City of Lost Souls

“Is the Clave employing him?” Jocelyn wanted to know.

“No,” Alec said slowly. “He’s doing it for me. Because of what Jace means to me.” He raised his sleeve, showing Jocelyn the parabatai rune on his inner forearm.

“You knew Jace wasn’t dead,” Clary said, her mind beginning to tick over thoughts. “Because you’re parabatai, because of that tie between you. But you said you felt something wrong.”

“Because he’s possessed,” Jocelyn said. “It’s changed him. Valentine said that when Luke became a Downworlder, he felt it. That sense of wrongness.”

Alec shook his head. “But when Jace was possessed by Lilith, I didn’t feel it,” he said. “Now I can feel something… wrong. Something off.” He looked down at his shoes. “You can feel it when your parabatai dies—like there was a cord tying you to something and it has snapped, and now you’re falling.” He looked at Clary. “I felt it, once, in Idris, during the battle. But it was so brief—and when I returned to Alicante, Jace was alive. I convinced myself I had imagined it.”

Clary shook her head, thinking of Jace and the blood-soaked sand by Lake Lyn. You didn’t.

“What I feel now is different,” he went on. “I feel like he’s absent from the world but not dead. Not imprisoned… Just not here.”

“That’s just it,” Clary said. “Both times I’ve seen him and Sebastian, they’ve vanished into thin air. No Portal, just one minute they were here and the next they were gone.”

“When you talk about there or here,” said Magnus, coming back into the room with a yawn, “and this world and that world, what you’re talking about are dimensions. There are only a few warlocks who can do dimensional magic. My old friend Ragnor could. Dimensions don’t lie side by side—they’re folded together, like paper. Where they intersect, dimensional pockets can be created that prevent magic from being able to find you. After all, you’re not here—you’re there.”

“Maybe that’s why we can’t track him? Why Alec can’t feel him?” said Clary.

“Could be.” Magnus sounded almost impressed. “It would mean there’s literally no way to find them if they don’t want to be found. And no way to get a message back to us if you did find them. That’s complicated, expensive magic. Sebastian must have some connections—” The door buzzer sounded, and they all jumped. Magnus rolled his eyes. “Everyone calm down,” he said, and vanished into the entryway. He was back a moment later with a man wrapped in a long parchment-colored robe, the back and sides inked with patterns of runes in dark red-brown. Though his hood was up, shadowing his face, he looked completely dry, as if not a flake of snow had fallen on him. When he pushed the hood back, Clary was not at all surprised to see the face of Brother Zachariah.

Jocelyn set her mug down suddenly on the coffee table. She was looking at the Silent Brother. With his hood pushed back, you could see his dark hair, but his face was shadowed so that Clary could not see his eyes, only his high, rune-scarred cheekbones. “You,” Jocelyn said, her voice trailing off. “But Magnus told me that you would never—”

Unexpected events call for unexpected measures. Brother Zachariah’s voice floated out, touching the inside of Clary’s head; she knew from the expressions on the faces of the others that they could hear him too. I will say nothing to the Clave or Council of anything that transpires tonight. If the chance comes before me to save the last of the Herondale bloodline, I consider that of higher importance than the fealty I render the Clave.

“So that’s settled,” Magnus said. He made a strange pair with the Silent Brother beside him, one of them pale and blanched in robes, the other in bright yellow pajamas. “Any new insight into Lilith’s runes?”
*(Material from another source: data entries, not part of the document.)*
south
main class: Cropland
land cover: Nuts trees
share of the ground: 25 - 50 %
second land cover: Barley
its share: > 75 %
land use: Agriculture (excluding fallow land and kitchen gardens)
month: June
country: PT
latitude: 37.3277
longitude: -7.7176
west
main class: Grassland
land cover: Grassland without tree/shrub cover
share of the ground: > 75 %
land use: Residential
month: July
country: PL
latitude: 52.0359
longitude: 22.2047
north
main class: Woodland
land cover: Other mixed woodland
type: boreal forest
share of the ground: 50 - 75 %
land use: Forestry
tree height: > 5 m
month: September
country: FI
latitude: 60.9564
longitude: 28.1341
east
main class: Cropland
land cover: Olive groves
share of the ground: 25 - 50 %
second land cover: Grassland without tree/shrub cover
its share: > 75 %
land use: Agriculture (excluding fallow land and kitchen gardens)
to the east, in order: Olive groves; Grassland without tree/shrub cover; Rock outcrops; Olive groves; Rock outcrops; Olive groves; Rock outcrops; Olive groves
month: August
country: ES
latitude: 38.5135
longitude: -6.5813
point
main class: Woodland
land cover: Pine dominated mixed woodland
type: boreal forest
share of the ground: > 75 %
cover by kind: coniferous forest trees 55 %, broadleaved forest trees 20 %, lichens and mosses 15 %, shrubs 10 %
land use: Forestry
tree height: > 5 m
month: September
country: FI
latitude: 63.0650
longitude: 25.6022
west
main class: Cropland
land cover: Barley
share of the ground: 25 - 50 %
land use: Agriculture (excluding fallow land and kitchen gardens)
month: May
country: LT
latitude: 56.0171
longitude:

I have studied the runes carefully and listened to all the testimony given in the Council, said Brother Zachariah. I believe that her ritual was twofold. First she used the Daylighter’s bite to revive Jonathan Morgenstern’s consciousness. His body was still weak, but his mind and will were alive. I believe that when Jace Herondale was left alone on the roof with him, Jonathan drew on the power of Lilith’s runes and forced Jace to enter the enspelled circle that surrounded him. At that point Jace’s will would have been subject to his. I believe he would have drawn on Jace’s blood for the strength to rise and escape the roof, taking Jace with him.

“And somehow all that created a connection between them?” Clary said. “Because when my mother stabbed Sebastian, Jace started to bleed.”

Yes. What Lilith did was a sort of twinning ritual, not unlike our own parabatai ceremony but much more powerful and dangerous. The two are now bound inextricably. Should one die, the other will follow. No weapon in this world can wound only one of them.